Postby Richard|Dyalog on Thu May 18, 2017 9:59 am

Hi, Paul - I'll try to go through your questions in turn.

> can this expression ... be replaced with this?

Your expression using ⍷ is not exactly equivalent to the one using ⎕S - though it may be that it actually suits your needs better. The reason is that ⎕R and ⎕S operate on lines and though your matrix is split into vectors where each is considered to be a line (that is, there are implicit line endings between the vectors), if there are also explicit line ending characters in m there will be more logical lines in the data than there are rows in the matrix.

Under the covers, ⎕R and ⎕S use the PCRE search engine to locate matches in the data but they do try to avoid doing that for simple searches - they, too, call ⍷ when they can. One requirement for this optimisation is that there is only a single logical line in the input so your example would not be optimised - though if you were to construct an expression using each to pass the data line-by-line to ⎕S it might well be. If you want more details about when the optimisation does and does not take place, let me know.

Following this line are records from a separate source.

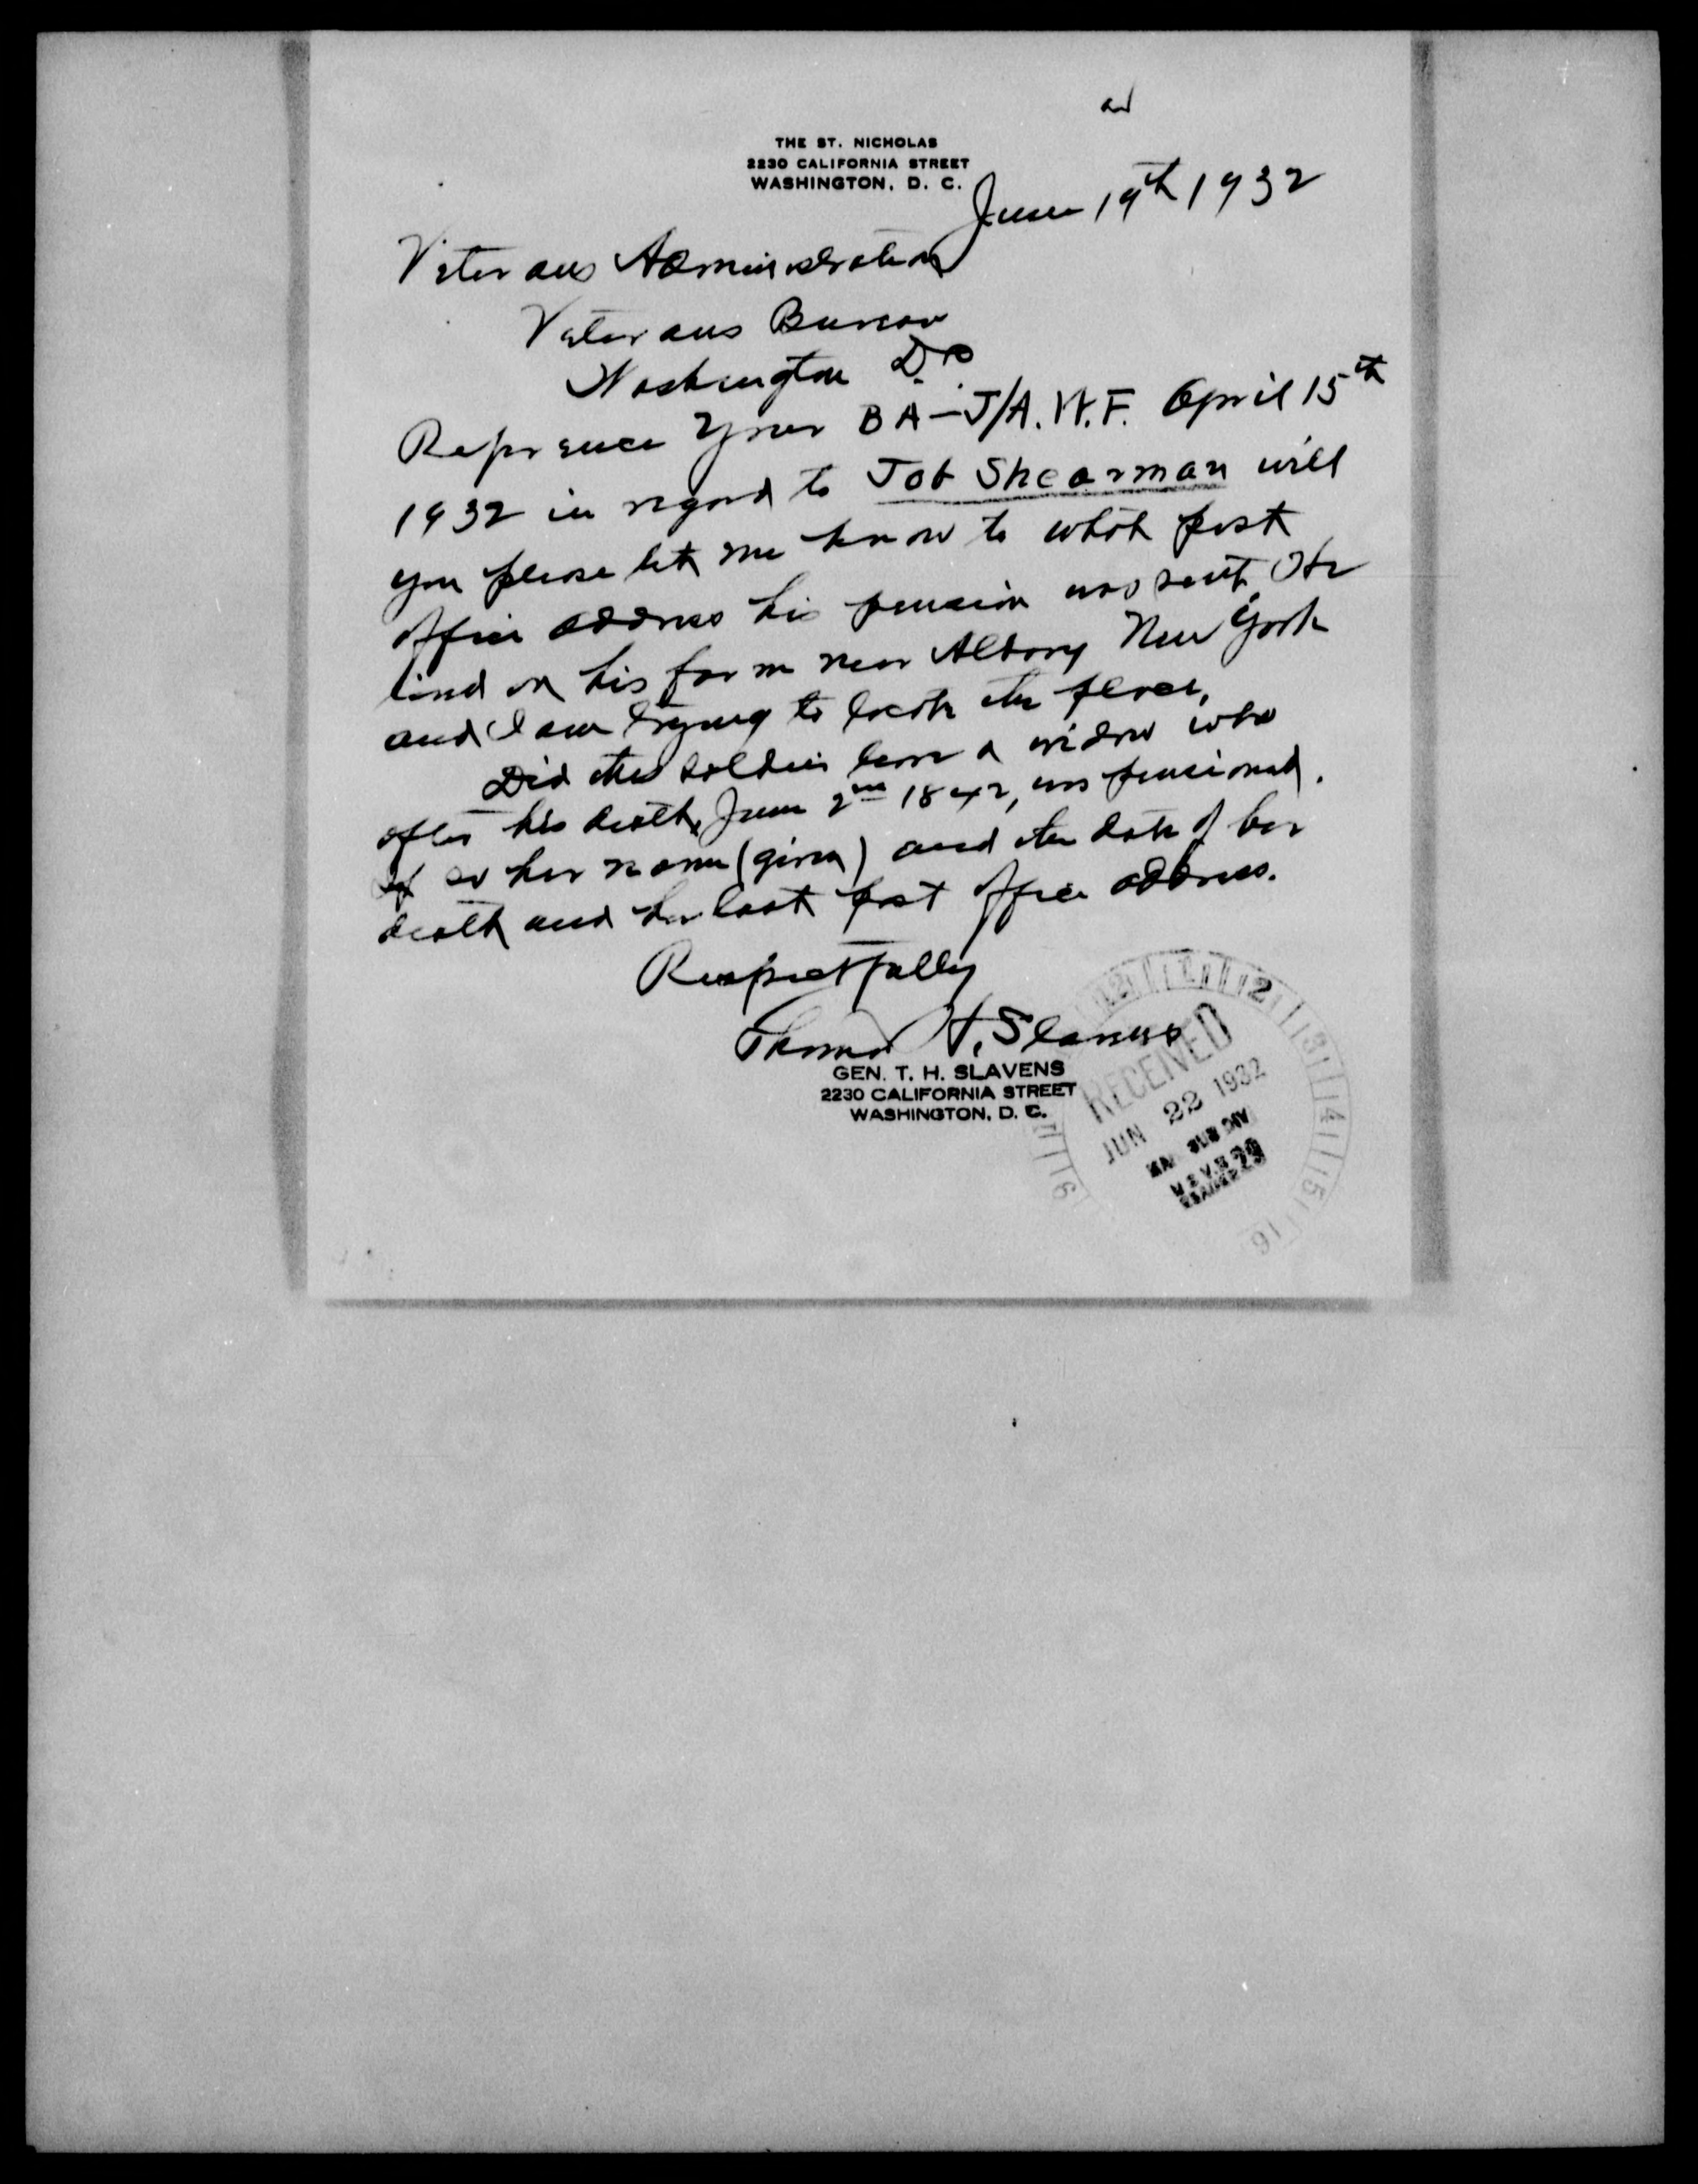[doc is printed, written & stamped]

THE ST. NICHOLAS
2230 CALIFORNIA STREET
WASHINGTON, D.C.

June 19th 1932
Veterans Administration
Veterans Bureau
Washington D.C.
Reference yours BA-J/A.W.F. April 15th
1932 in regard to Job Shearman []name underlined] will
you please let me know to what post
office address his pension was sent [illegible]
[illegible] on his form near Albany New York
and I am trying to locate [2 words illegible].
Did this soldier leave a widow who
after his death, June 2nd 1842, was pensioned.
If so her name (given) and the date of her
death and her last post office address.
Respectfully
Thomas H. Slavens
GEN. T.H. SLAVENS
2230 CALIFORNIA STREET
WASHINGTON, D.C.

[mail room stamp indicating letter was received Jun 22 1932 in lower right corner]

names: T H Slavens; Thom H Slavens; Job Shearman
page: 8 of 10
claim: survivor's
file: S. 28,874, for Job Shearmon, New York

> Is this the complete set of meta characters?

As with your optimisation, another requirement for the interpreter optimisation is that there are no meta characters in the search pattern, and the list it uses is almost as yours - in fact, you don't need to include } or ] in the list because these don't have any special meaning without the leading { or [. The list of characters used by the interpreter is: \^$.[|()?*+{

> Anything else going on with respect to IC? Is it just a convenience for putting (?i) at the start of each search pattern?

PCRE is passed various options when invoked by the interpreter and one of these is the case sensitivity flag. Many of these options - including that one - can also be set within the search pattern. As far as I know, PCRE behaves identically regardless of how the flag is set and I can confirm that the interpreter does not change its behaviour dependent on it - so I believe they are exactly equivalent.

> Is there something similar in PCRE for the ML variant, or is this totally outside the scope of the pattern? At first glance this looks like it is much more complicated to embed in the search pattern, if at all.

The way the PCRE engine is invoked is, simplistically, to pass it the (precompiled) pattern, a buffer of text and start offset within the buffer, and it gives back the offset of the next match, if any. The interpreter keeps invoking it to find all the matches. Therefore, the ML option entirely controls the way the interpreter calls PCRE; there is equivalent option you can put in the search pattern. Your only way of achieving the effect you want with the search pattern alone would be to construct a suitable pattern which actually matched the number of times you wanted, which is a far more difficult undertaking that simply setting the option.

I hope this helps!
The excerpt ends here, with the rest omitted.